Broken glass crashed in the kitchen. Tommy screamed like he was on fire. Doris ran back to the kitchen and two rotted, maggot covered arms were tugging at his shirt through the re-broken window. Tommy was writhing; trying to get free of his shirt. The bulkier arm, Tommy’s Dad’s arm, was on the right.

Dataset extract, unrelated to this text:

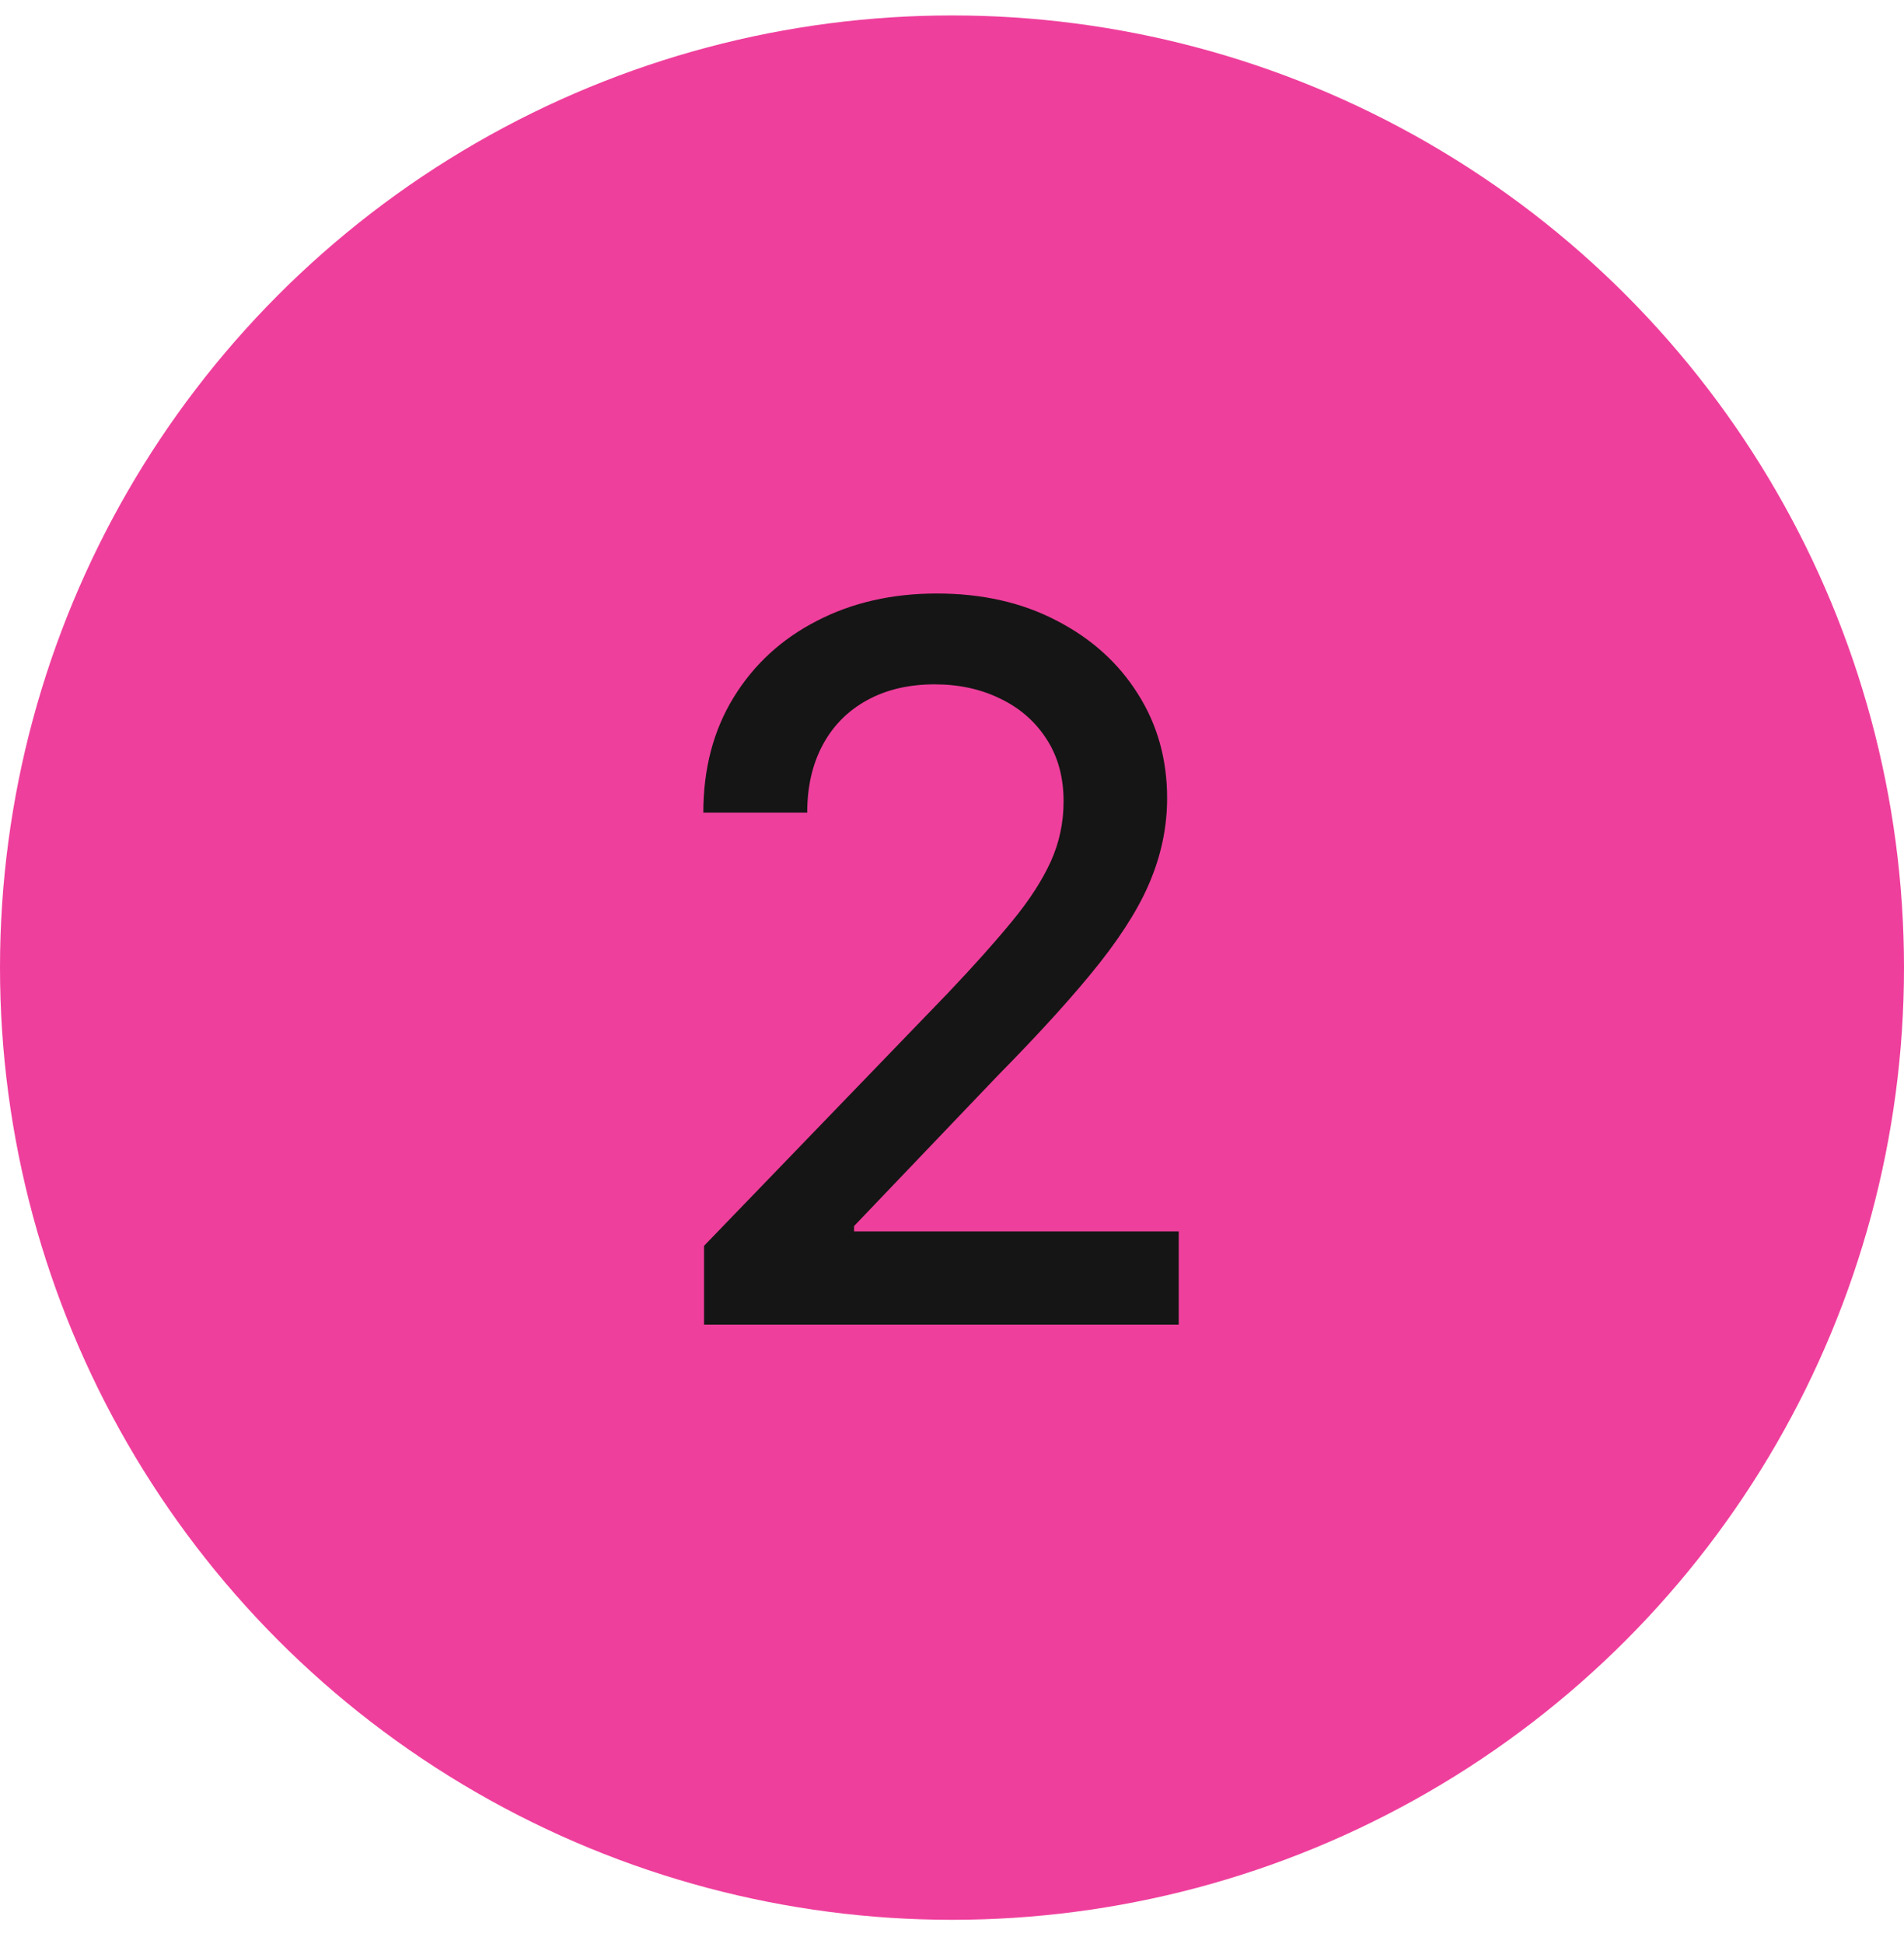 <svg width="48" height="49" viewBox="0 0 48 49" fill="none" xmlns="http://www.w3.org/2000/svg">
<circle cx="24" cy="24.389" r="24" fill="#EF3F9C"/>
<path d="M17.749 33.389V31.401L23.901 25.026C24.558 24.334 25.1 23.727 25.526 23.206C25.958 22.68 26.28 22.179 26.494 21.706C26.707 21.232 26.813 20.729 26.813 20.197C26.813 19.593 26.671 19.072 26.387 18.634C26.103 18.19 25.715 17.85 25.224 17.613C24.733 17.371 24.18 17.249 23.564 17.249C22.913 17.249 22.345 17.382 21.859 17.649C21.374 17.915 21.001 18.291 20.741 18.776C20.48 19.262 20.35 19.83 20.35 20.481H17.731C17.731 19.374 17.986 18.406 18.495 17.578C19.004 16.749 19.702 16.107 20.59 15.651C21.478 15.19 22.487 14.959 23.617 14.959C24.759 14.959 25.766 15.187 26.636 15.642C27.512 16.092 28.195 16.708 28.686 17.489C29.178 18.264 29.423 19.14 29.423 20.117C29.423 20.791 29.296 21.451 29.041 22.096C28.793 22.742 28.358 23.461 27.736 24.254C27.115 25.041 26.251 25.997 25.144 27.121L21.531 30.903V31.037H29.716V33.389H17.749Z" fill="#151515"/>
</svg>

Doris fired and the arm flew off in an explosion of blood and gore.

Tommy fell to the ground and whimpered. The pus-covered hand drug itself across the floor by its fingers.

Doris ran over, scooped the fetid thing up and tossed it out the window. The glass shattered even more. Tommy’s father tried crawling through the window using the bone protruding through the bloody stump of his arm.

Doris took a deep breath…squinted…and aimed for his head.

BLAM!

He flew backwards to the ground.

Tommy’s mother tried to claw her way in.

BLAM! BLAM! BLAM!

Doris smiled as she peered out the window at the two motionless corpses on the ground. Not bad for an old woman.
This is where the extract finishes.